# Train a deep CNN on XPS data on Google Colab

In this notebook, we will train a deep convolutional network on iron XPS spectra made up of linear combinations of single iron reference spectra.

## Setup

### Mount google drive, change working directory

In [None]:
# Mount drive
from google.colab import drive
import os

drive.mount('/content/drive')

# Change working path
os.chdir('/content/drive/My Drive/deepxps')
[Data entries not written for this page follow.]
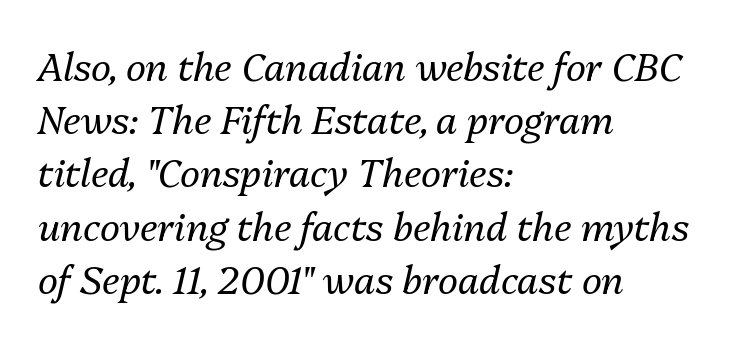
Q: Is the text bold? A: No.
Q: Is the text italic (slanted)? A: Yes, it leans right by about 13 degrees.
Q: Is the text underlined? A: No.
Q: How is the paragraph aligned? A: Left-aligned.
Q: Is the spacing between letters normal or unusually wide? A: Normal.
Q: Is the spacing between lines tight, normal or loose? A: Normal.
Q: Width (condensed, normal, or wide)? A: Normal.
Q: Stroke contrast? A: Medium.
Q: x-height? A: Medium.
Q: Monospaced? A: No.
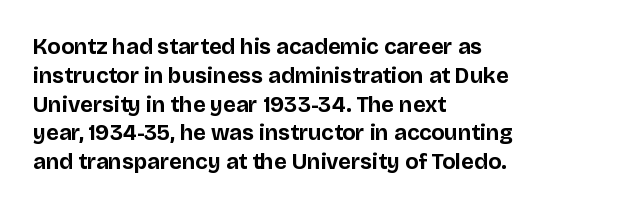
The image shows 22 px bold type, upright; set left-aligned, normal line spacing (1.31x), normal letter spacing, not underlined.
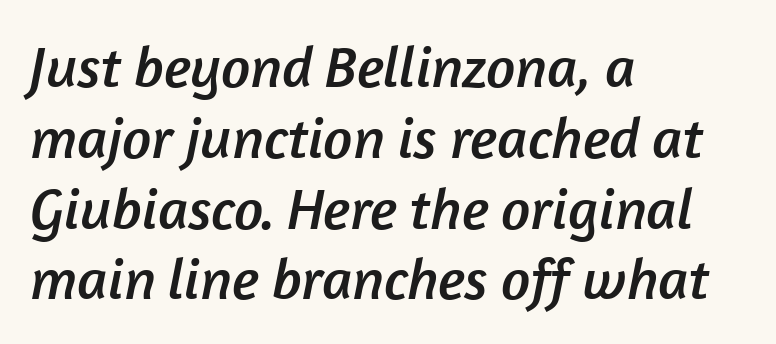
{"serif": "no", "width": "normal", "stroke_contrast": "low", "x_height": "medium", "monospaced": "no", "underline": "no", "align": "left", "line_spacing_ratio": 1.22, "letter_spacing": "normal", "letter_spacing_em": 0.0, "glyph_px": 58}
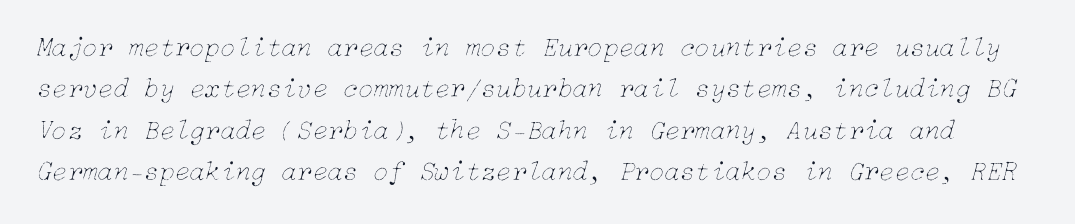
{"italic": "yes", "lean": "right", "slant_degrees": 15, "bold": "no", "weight": "thin", "width": "normal", "stroke_contrast": "low", "x_height": "medium", "underline": "no", "line_spacing": "normal", "line_spacing_ratio": 1.48, "letter_spacing": "normal", "letter_spacing_em": 0.0, "glyph_px": 28}
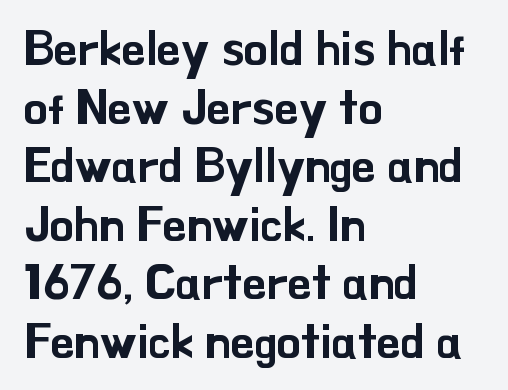
Q: Is the text italic (slanted)? A: No, it is upright.
Q: Is the typeface a serif or a sans-serif typeface? A: Sans-serif.
Q: Is the text underlined? A: No.
Q: How is the paragraph aligned? A: Left-aligned.
Q: Is the spacing between letters normal or unusually wide? A: Normal.
Q: Width (condensed, normal, or wide)? A: Normal.
Q: Stroke contrast? A: Low.
Q: x-height? A: Small.
Q: Monospaced? A: No.
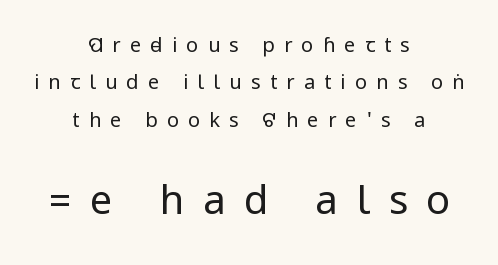
{"serif": "no", "italic": "no", "bold": "no", "weight": "regular", "width": "condensed", "stroke_contrast": "low", "underline": "no", "align": "center", "line_spacing_ratio": 1.87, "letter_spacing": "wide", "letter_spacing_em": 0.46, "larger_block": "second", "size_ratio": 2.0, "glyph_px": 40}
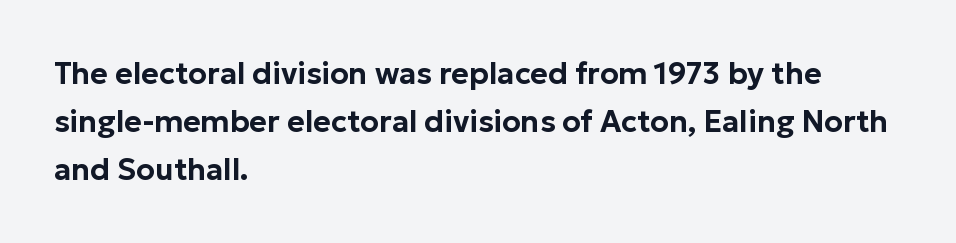
{"serif": "no", "italic": "no", "width": "normal", "stroke_contrast": "low", "x_height": "medium", "monospaced": "no", "underline": "no", "align": "left", "line_spacing": "normal", "line_spacing_ratio": 1.6, "letter_spacing": "normal", "letter_spacing_em": 0.0, "glyph_px": 30}
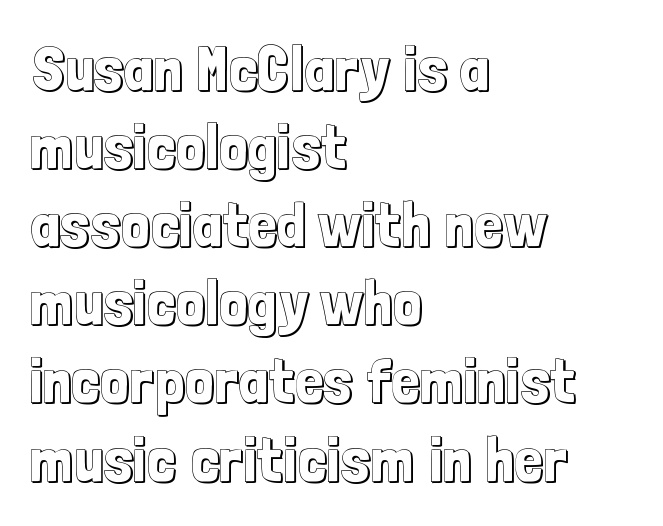
Looks like regular typesetting: each glyph gets only the width it needs. Letters rest on an invisible, unmarked baseline. A classic flush-left, rag-right setting is used for this passage. Spacing between characters is what you'd get straight out of the box. The lettering stays uniformly vertical, giving the passage a roman look.
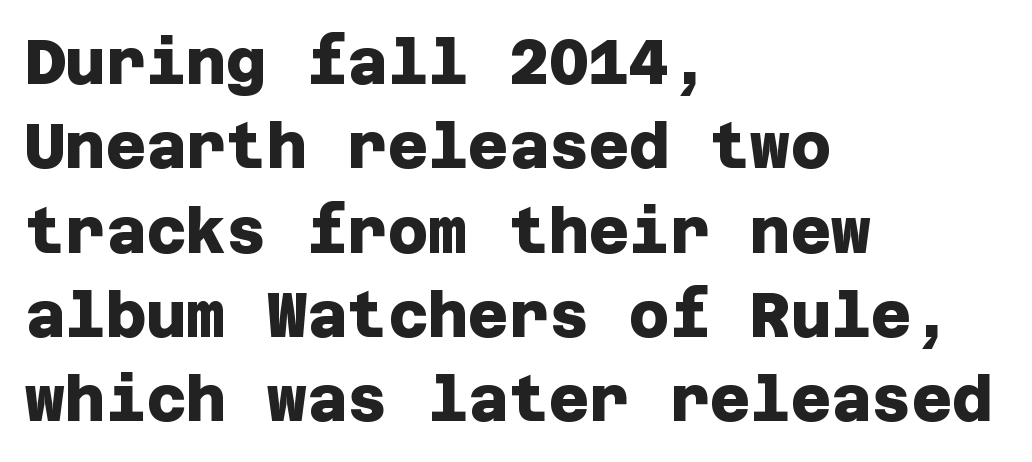
Q: Is the text bold? A: Yes.
Q: Is the typeface a serif or a sans-serif typeface? A: Sans-serif.
Q: Is the text underlined? A: No.
Q: How is the paragraph aligned? A: Left-aligned.
Q: Is the spacing between letters normal or unusually wide? A: Normal.
Q: Is the spacing between lines tight, normal or loose? A: Normal.
Q: Width (condensed, normal, or wide)? A: Normal.
Q: Stroke contrast? A: Low.
Q: x-height? A: Large.
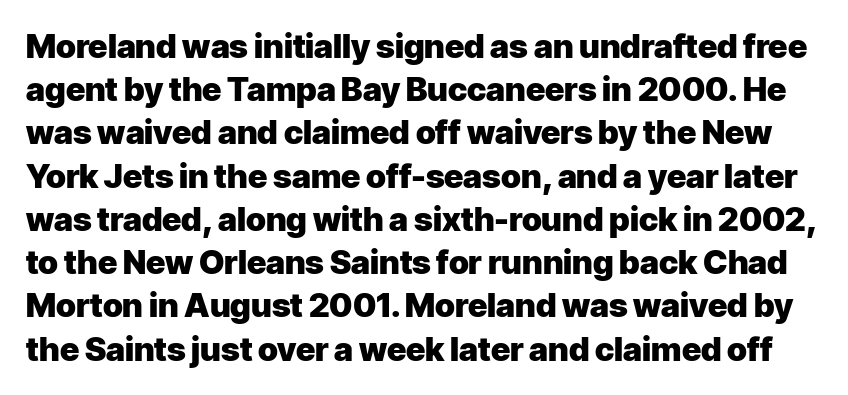
Q: Is the text bold? A: Yes.
Q: Is the text italic (slanted)? A: No, it is upright.
Q: Is the typeface a serif or a sans-serif typeface? A: Sans-serif.
Q: Is the text underlined? A: No.
Q: Is the spacing between letters normal or unusually wide? A: Normal.
Q: Is the spacing between lines tight, normal or loose? A: Normal.
Q: Width (condensed, normal, or wide)? A: Normal.
Q: Stroke contrast? A: Low.
Q: x-height? A: Medium.
Q: Monospaced? A: No.
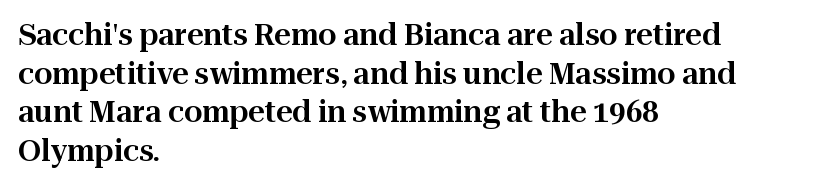
{"serif": "yes", "italic": "no", "width": "normal", "stroke_contrast": "high", "x_height": "medium", "monospaced": "no", "underline": "no", "align": "left", "line_spacing": "normal", "line_spacing_ratio": 1.33, "letter_spacing": "normal", "letter_spacing_em": 0.0, "glyph_px": 29}
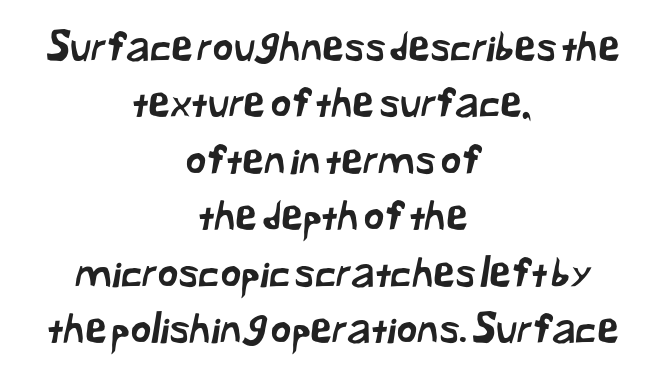
The image shows 40 px sans-serif type; set centered, normal line spacing (1.41x), normal letter spacing, not underlined; low stroke contrast and a medium x-height.
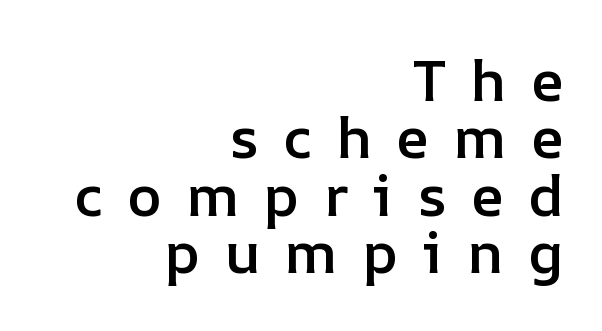
Do the letters lean? They stand straight. Notice how descenders almost collide with the ascenders below — that's tight leading. The paragraph has a hard right edge and a soft left edge. Tracking here is generous; glyphs stand well apart from one another. Decoration check: the copy has no underline. Typesetter's note: demi weight, one step under bold.
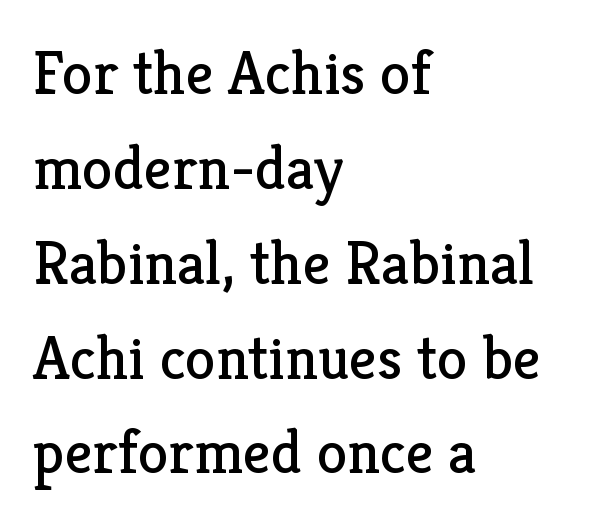
The image shows 62 px regular-weight serif type, upright; set left-aligned, normal line spacing (1.53x), normal letter spacing, not underlined; low stroke contrast and a medium x-height.
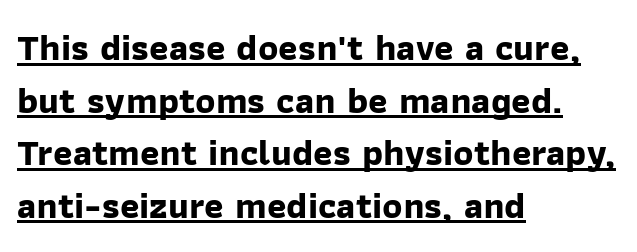
Line starts are locked; line ends wander. The passage shown is underscored from start to finish. Think of a printed novel: that variable character pitch is what you see here. Typographic density is high because the face is bold.
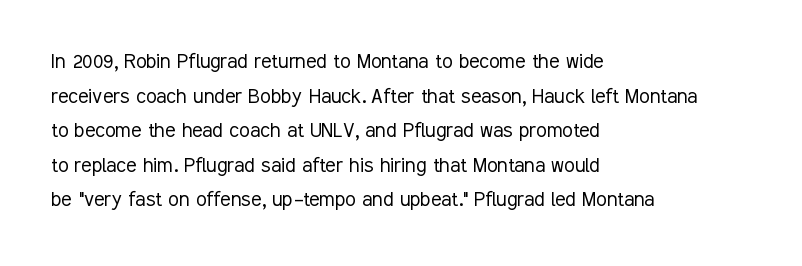
Q: Is the text bold? A: No.
Q: Is the text italic (slanted)? A: No, it is upright.
Q: Is the text underlined? A: No.
Q: How is the paragraph aligned? A: Left-aligned.
Q: Is the spacing between letters normal or unusually wide? A: Normal.
Q: Is the spacing between lines tight, normal or loose? A: Normal.

### Install packages and import modules

In [None]:
%%capture
# Install packages
!pip install python-docx

# Import standard modules and magic commands
import datetime
import numpy as np
import pytz
import importlib

# Magic commands
%matplotlib inline
from IPython.core.interactiveshell import InteractiveShell
InteractiveShell.ast_node_interactivity = "all"

# Disable tf warnings
os.environ['TF_CPP_MIN_LOG_LEVEL'] = '3'

import tensorflow as tf

### Check TensorFlow version

In [None]:
tf.__version__

### Check TPU connection

In [None]:
from tensorflow.python.profiler import profiler_client

tpu_profile_service_address = os.environ['COLAB_TPU_ADDR'].replace('8470', '8466')
print(profiler_client.monitor(tpu_profile_service_address, 100, 2))

## Initial training

### Load custom modules

In [None]:
try:
    importlib.reload(classifier)
    importlib.reload(clfutils)
    print('Modules were reloaded.')
except:
    import xpsdeeplearning.network.classifier as classifier
    import xpsdeeplearning.network.utils as clfutils
    print('Modules were loaded.')

### Set up the parameters & folder structure



In [None]:
np.random.seed(502)
time = datetime.datetime.now().astimezone(pytz.timezone('Europe/Berlin')).strftime("%Y%m%d_%Hh%Mm")
exp_name = 'Pd_2_classes_linear_comb_small_gas_phase'

clf = classifier.Classifier(time = time,
                            exp_name = exp_name,
                            task = 'regression',
                            intensity_only = True)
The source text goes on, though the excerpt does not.